Yes, we gave a few workshop performances last year and are remounting it for a full run this year.
You seem to have mastered most of Shakespeare’s roles for ISC including Hamlet, Macbeth, Henry V, Richard III, Richard II, Iago, Titus Andronicus, Benedick, Feste, Bottom, Prospero, Oberon, and Julius Caesar, and have directed eight the ISC productions in Griffith Park. What do you see as the major challenges of presenting such intense plays outdoors?
I think the relationship with the audience in the park is probably more akin to the relationship Shakespeare’s audience had with his actors. A nice indoor theatre is a much more controlled environment – one must work a lot harder in the park to corral attention to where you want it. The comedies play really well outdoors, the tragedies too, but you have to be very clear about how you delineate shifts from comedic beats to serious, tragic ones. We believe there is always humor, even in the darkest moments, but one has to be careful not to let the festival atmosphere carry everything away with itself.
Are you directing or acting in their summer shows this year? What are they?
Yes, I’m directing Love’s Labour’s Lost and playing Faustus in Dr Faustus.
What or who first inspired you to study the work of Shakespeare? Was your dedication to interpreting it with you from the start?
I don’t think I really got into Shakespeare until I went to drama school (Webber Douglas Academy in London). We had a brilliant Shakespeare teacher there, and she made us all do a Shakespeare one-person show project. I chose Angelo from Measure for Measure. It was a great exercise, not only in character exploration but also in learning how to develop a piece by yourself. As soon as I left drama school, I was out of work, so I pretty quickly learned how to produce my own stuff.
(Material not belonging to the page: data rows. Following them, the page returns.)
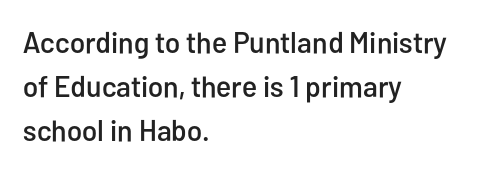
Q: Is the text italic (slanted)? A: No, it is upright.
Q: Is the typeface a serif or a sans-serif typeface? A: Sans-serif.
Q: Is the text underlined? A: No.
Q: How is the paragraph aligned? A: Left-aligned.
Q: Is the spacing between letters normal or unusually wide? A: Normal.
Q: Is the spacing between lines tight, normal or loose? A: Normal.
Q: Width (condensed, normal, or wide)? A: Condensed.
Q: Stroke contrast? A: Low.
Q: x-height? A: Medium.
Q: Monospaced? A: No.
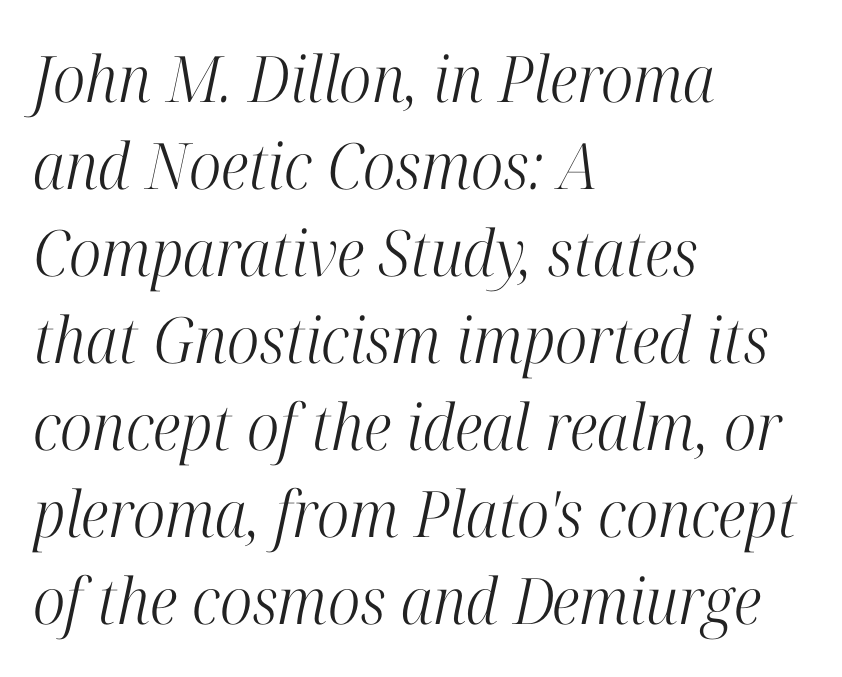
{"serif": "yes", "italic": "yes", "lean": "right", "slant_degrees": 12, "bold": "no", "weight": "light", "width": "condensed", "stroke_contrast": "high", "x_height": "medium", "monospaced": "no", "underline": "no", "align": "left", "line_spacing": "normal", "line_spacing_ratio": 1.36, "letter_spacing": "normal", "letter_spacing_em": 0.0, "glyph_px": 64}
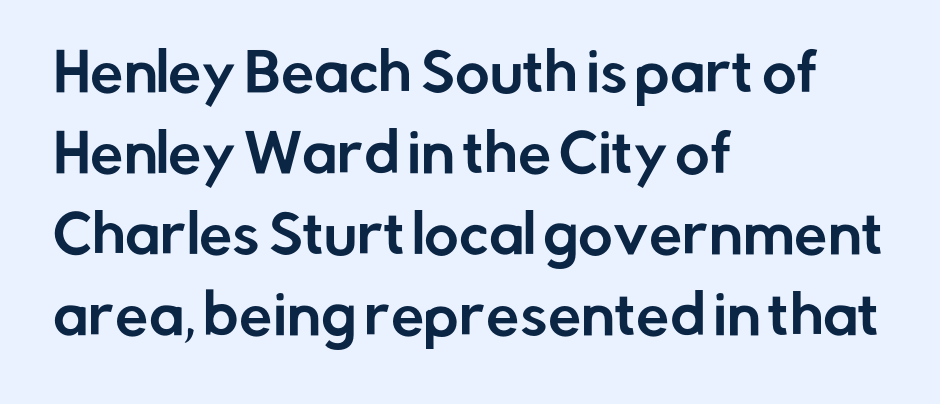
Q: Is the text italic (slanted)? A: No, it is upright.
Q: Is the typeface a serif or a sans-serif typeface? A: Sans-serif.
Q: Is the text underlined? A: No.
Q: How is the paragraph aligned? A: Left-aligned.
Q: Is the spacing between letters normal or unusually wide? A: Normal.
Q: Is the spacing between lines tight, normal or loose? A: Normal.
Q: Width (condensed, normal, or wide)? A: Normal.
Q: Stroke contrast? A: Low.
Q: x-height? A: Medium.
Q: Monospaced? A: No.
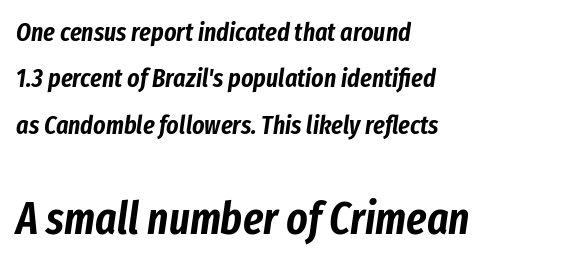
{"italic": "yes", "lean": "right", "slant_degrees": 8, "width": "condensed", "stroke_contrast": "low", "x_height": "medium", "monospaced": "no", "underline": "no", "align": "left", "line_spacing_ratio": 1.78, "letter_spacing": "normal", "letter_spacing_em": 0.0, "larger_block": "second", "size_ratio": 1.73, "glyph_px": 45}

Describe your history with Hamlet.
Hamlet was the play that brought me to the US, and through Hamlet, I met my wife, had two children, and started ISC. So, it is a very consequential play for me. I first played the role in 2005, and over the next seven years, we came back to the play five times. The last time I played Hamlet was in 2012, but I always thought it was unfinished business somehow. A few years later, when I was doing a school workshop, including some speeches from Hamlet, I had the epiphany that I wanted to actually do this as a one-person show. But if you do a one-person show, you're not just playing Hamlet, you're playing everyone, and that gives you license to be creative.
Are you performing the entire play?
We're not doing four and a half hours of me saying absolutely every line. I've had to cut quite a lot of roles, and I've really centered certain themes and certain relationships. For example, I'm giving a little bit more space to a character who I think is probably the most important character in Hamlet, outside of Hamlet, who doesn't have any lines, and that's Yorick. He has a very interesting perspective, I think, because Hamlet is so much about death and grief. And that's one of the themes I'm exploring in this.
Please tell me more about your process for expanding Yorick’s importance in the play.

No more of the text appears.